5. Generate: **ChatModel**/**LLM** generates answers based on the retrieved documents.

## Comceptuual guide
* https://python.langchain.com/docs/concepts/

In [16]:
from dotenv import load_dotenv
import os
from langchain_openai import ChatOpenAI
import bs4

from langchain import hub
from langchain_chroma import Chroma
from langchain_community.document_loaders import WebBaseLoader
from langchain_core.output_parsers import StrOutputParser
from langchain_core.runnables import RunnablePassthrough
from langchain_openai import OpenAIEmbeddings
from langchain_text_splitters import RecursiveCharacterTextSplitter

USER_AGENT environment variable not set, consider setting it to identify your requests.


In [17]:
# Load environment
load_dotenv()

True

# 1. Indexing: Load
We need to first laod the blog post contents. We can use **DocumentLoaders** for this, which are ojbects that loads in data from a source and return a list of **Documetns**. A `Document` is an object with some `page_content`(string) and `metadata`(dict)

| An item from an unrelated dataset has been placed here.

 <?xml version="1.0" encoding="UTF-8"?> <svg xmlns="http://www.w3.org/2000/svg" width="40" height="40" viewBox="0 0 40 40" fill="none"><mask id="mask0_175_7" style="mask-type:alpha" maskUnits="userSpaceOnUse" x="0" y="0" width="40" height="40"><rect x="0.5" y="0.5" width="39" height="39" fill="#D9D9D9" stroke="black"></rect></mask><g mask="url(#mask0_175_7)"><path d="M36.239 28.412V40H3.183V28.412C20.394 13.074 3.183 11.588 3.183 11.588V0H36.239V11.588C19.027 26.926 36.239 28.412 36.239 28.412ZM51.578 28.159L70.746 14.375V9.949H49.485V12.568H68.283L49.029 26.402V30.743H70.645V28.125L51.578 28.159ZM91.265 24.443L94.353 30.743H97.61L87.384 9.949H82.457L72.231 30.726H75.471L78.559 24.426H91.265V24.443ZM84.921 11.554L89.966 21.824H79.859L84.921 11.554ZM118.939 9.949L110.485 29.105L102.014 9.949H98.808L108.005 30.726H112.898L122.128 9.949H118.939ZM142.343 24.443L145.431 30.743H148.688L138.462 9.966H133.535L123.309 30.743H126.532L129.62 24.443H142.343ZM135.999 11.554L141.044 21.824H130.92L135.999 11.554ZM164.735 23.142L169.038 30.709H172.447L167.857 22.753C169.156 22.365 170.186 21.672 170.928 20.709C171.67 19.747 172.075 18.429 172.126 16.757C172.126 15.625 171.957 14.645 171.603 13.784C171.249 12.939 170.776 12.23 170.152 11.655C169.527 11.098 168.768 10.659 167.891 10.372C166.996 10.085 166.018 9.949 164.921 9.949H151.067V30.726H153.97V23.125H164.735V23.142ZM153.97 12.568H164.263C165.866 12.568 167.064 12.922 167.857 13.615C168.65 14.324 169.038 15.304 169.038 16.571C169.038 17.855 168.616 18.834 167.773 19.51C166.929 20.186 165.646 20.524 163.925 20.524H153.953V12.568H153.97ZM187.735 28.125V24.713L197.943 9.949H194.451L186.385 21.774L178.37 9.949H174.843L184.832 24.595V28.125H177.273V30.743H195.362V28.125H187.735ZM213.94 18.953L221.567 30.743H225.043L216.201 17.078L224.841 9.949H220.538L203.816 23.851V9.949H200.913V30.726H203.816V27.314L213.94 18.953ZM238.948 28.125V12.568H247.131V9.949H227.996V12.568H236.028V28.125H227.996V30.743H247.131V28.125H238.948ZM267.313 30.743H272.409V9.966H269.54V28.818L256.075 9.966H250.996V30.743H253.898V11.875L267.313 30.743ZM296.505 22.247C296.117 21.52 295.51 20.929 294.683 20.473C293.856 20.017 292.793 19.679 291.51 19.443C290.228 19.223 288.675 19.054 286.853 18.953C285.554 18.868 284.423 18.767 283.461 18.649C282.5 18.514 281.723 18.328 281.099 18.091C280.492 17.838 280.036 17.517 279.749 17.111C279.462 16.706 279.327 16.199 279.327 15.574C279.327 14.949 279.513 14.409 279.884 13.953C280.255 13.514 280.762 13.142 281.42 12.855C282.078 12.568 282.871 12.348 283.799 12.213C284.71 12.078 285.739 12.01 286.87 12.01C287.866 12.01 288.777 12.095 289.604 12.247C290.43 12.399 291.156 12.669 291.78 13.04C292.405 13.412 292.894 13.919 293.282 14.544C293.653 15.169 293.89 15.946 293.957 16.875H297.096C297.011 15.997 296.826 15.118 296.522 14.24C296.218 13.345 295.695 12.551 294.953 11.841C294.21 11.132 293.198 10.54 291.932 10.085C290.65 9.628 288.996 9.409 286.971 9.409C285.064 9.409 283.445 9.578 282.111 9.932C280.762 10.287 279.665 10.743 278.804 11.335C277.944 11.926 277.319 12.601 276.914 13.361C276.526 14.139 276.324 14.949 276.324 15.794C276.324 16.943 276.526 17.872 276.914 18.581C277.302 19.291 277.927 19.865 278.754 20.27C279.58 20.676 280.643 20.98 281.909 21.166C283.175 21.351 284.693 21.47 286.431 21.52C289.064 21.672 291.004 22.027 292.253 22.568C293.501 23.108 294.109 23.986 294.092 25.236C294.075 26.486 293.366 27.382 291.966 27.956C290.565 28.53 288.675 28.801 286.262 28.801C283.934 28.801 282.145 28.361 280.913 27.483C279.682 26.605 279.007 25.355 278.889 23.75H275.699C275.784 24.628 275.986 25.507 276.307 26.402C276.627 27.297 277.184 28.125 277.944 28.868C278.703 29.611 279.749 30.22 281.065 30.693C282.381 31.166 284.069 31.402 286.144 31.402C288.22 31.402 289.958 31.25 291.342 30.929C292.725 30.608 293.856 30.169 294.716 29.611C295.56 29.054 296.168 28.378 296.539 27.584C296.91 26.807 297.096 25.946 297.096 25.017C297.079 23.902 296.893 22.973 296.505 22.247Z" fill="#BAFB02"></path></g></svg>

In this case we'll use the **WebBaseLoader**, which uses `urllib` to load HTML from URLd and `BeautifulSoup` to parse it to text. We can customeize the HTML -> text parsing by passing in parameters to the `BeautifulSoup` parser via `bs_kwargs`. In this case, only HTML tags with class "post-content", "post-title", or "post-header" are relevant, so we'll remove all others.

In [24]:
# Load, chunk and index the contents of the blog
# Only keep post title, headers, and content from the full HTML.
bs_strainer = bs4.SoupStrainer(class_=("post-content", "post-title", "post-header"))
loader = WebBaseLoader(
    web_path=("https://lilianweng.github.io/posts/2023-06-23-agent/",),
    bs_kwargs={"parse_only": bs_strainer}
)
docs = loader.load()

len(docs[0].page_content)

43131

In [28]:
print(docs[0].page_content[:500])



      LLM Powered Autonomous Agents
    
Date: June 23, 2023  |  Estimated Reading Time: 31 min  |  Author: Lilian Weng


Building agents with LLM (large language model) as its core controller is a cool concept. Several proof-of-concepts demos, such as AutoGPT, GPT-Engineer and BabyAGI, serve as inspiring examples. The potentiality of LLM extends beyond generating well-written copies, stories, essays and programs; it can be framed as a powerful general problem solver.
Agent System Overview#
In


* Memo:
    * `DocumentLoader`: Object that loads data from a source as list of `Documents`.
        * https://python.langchain.com/docs/concepts/#document-loaders
        * https://python.langchain.com/docs/how_to/#document-loaders
        * https://python.langchain.com/api_reference/core/documents/langchain_core.documents.base.Document.html



# 2. Indexing: Split
Our loaded documents is over 42k characters long. This is too long to fit in the context window of many models. Even for those models that could fit the full post in their context window, models can struggle to find information in very log inputs.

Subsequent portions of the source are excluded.